March 15th, 2018
Daily Market Commentary
- Canadian Prime Minister Justin Trudeau said he’s willing to accelerate Nafta talks to get ahead of U.S. and Mexico election pressures if needed, striking an upbeat tone on the fate of the trade pact. Trudeau, speaking in an interview with Bloomberg Television’s Michael McKee, said he was “very optimistic we’re going to be able to get to a win-win-win” deal on Nafta, while downplaying the impact of talks on business investment.
- Canadian oil producers found a way to access the growing Asian energy market without the controversial Trans Mountain pipeline. A cargo of heavy crude was sent to China after being railed to a terminal in Portland, Oregon, according to U.S. Census data and people with knowledge of the situation. The crude came from Alberta’s oil sands, the people said.
- MGA Entertainment Inc. and a group of investors made a bid for the Canadian assets of bankrupt retailer Toys R Us, a spokesperson for MGA said in an emailed statement. The bid came hours after Isaac Larian, MGA’s founder and chief executive officer, said he was considering buying the Canadian operations and some U.S. assets as we
- Stocks and bonds fluctuated in Europe and Asia as traders assessed the first statements of President Donald Trump’s new economic adviser. U.S. equity futures pared gains and Treasuries drifted higher. The Stoxx Europe 600 Index was steady, with gains in insurance shares offsetting drops in retail and household goods.
- S&P futures reversed overnight losses and are now flat on little news. The tape didn’t cooperate yesterday as stocks went out near session lows for the third day in a row, with some citing the disappointing U.S. retail sales and European industrial production figures. Others are nervously awaiting the next headlines related to China tariffs and/or further personnel shakeups in Trump’s Cabinet.

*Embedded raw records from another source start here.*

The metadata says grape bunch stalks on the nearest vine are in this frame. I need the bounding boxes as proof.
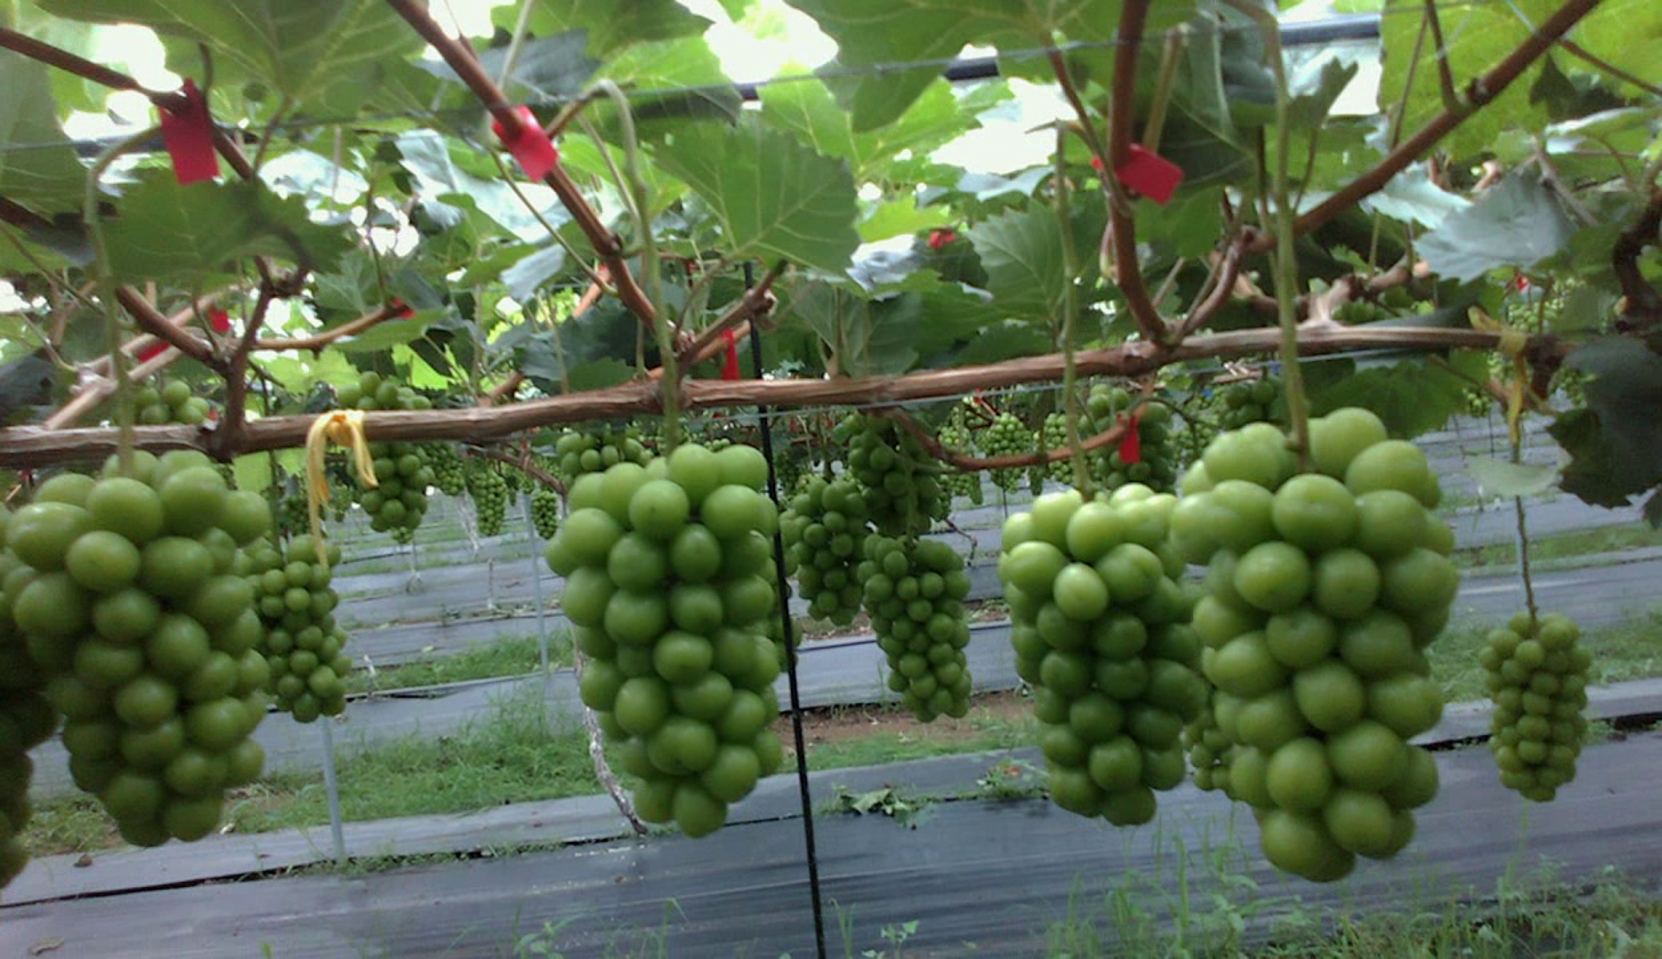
[602,76,678,456]
[83,121,169,477]
[1235,5,1310,469]
[1055,120,1096,497]
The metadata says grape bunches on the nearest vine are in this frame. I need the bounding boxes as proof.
[5,452,270,848]
[1000,482,1205,823]
[1172,410,1457,880]
[543,442,784,835]
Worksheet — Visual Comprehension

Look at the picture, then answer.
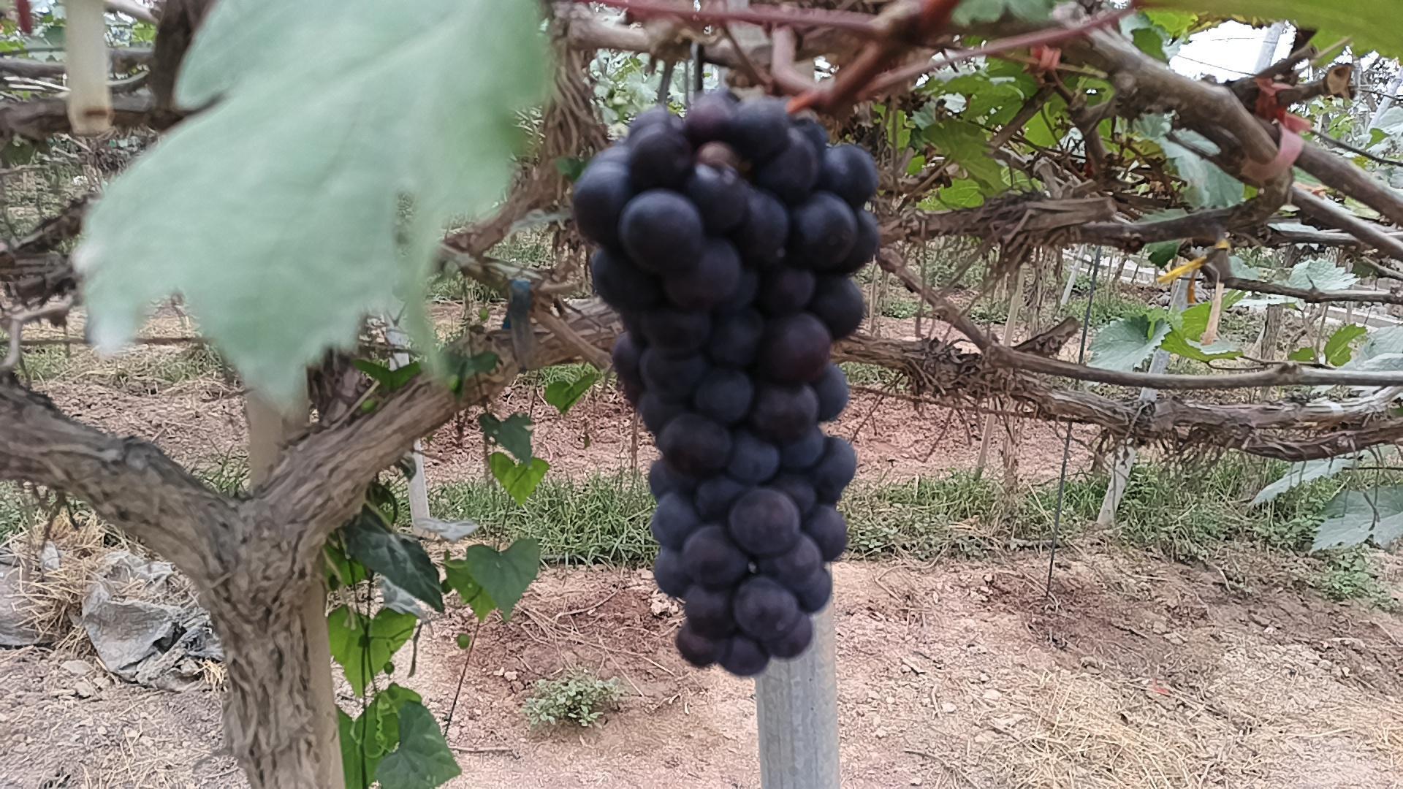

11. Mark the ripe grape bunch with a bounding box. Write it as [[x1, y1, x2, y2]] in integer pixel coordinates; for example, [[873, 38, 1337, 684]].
[[573, 91, 878, 675]]

- Chinese shares wiped out early losses with an afternoon turnaround that may have been due to purchases by state-backed funds, according to an analyst. Hong Kong stocks also rebounded mid-morning and closed higher.
- Oil held gains near $61 a barrel on signs of robust fuel consumption in the U.S. and as OPEC’s compliance with its pledged output cuts soared to a new record. Futures added 0.2 percent in New York, after rebounding from two days of declines on Wednesday. American gasoline inventories sank the most since September last week and product demand reached the highest since January, government data showed. The adherence to supply curbs by the Organization of Petroleum Exporting Countries climbed to 147 percent in February, a fourth consecutive month of record compliance.
- Gold steady as investors weigh comments by incoming White House economic adviser Larry Kudlow, who signaled that President Donald Trump would support a strong dollar, against some risk-off sentiment in markets amid growth concerns.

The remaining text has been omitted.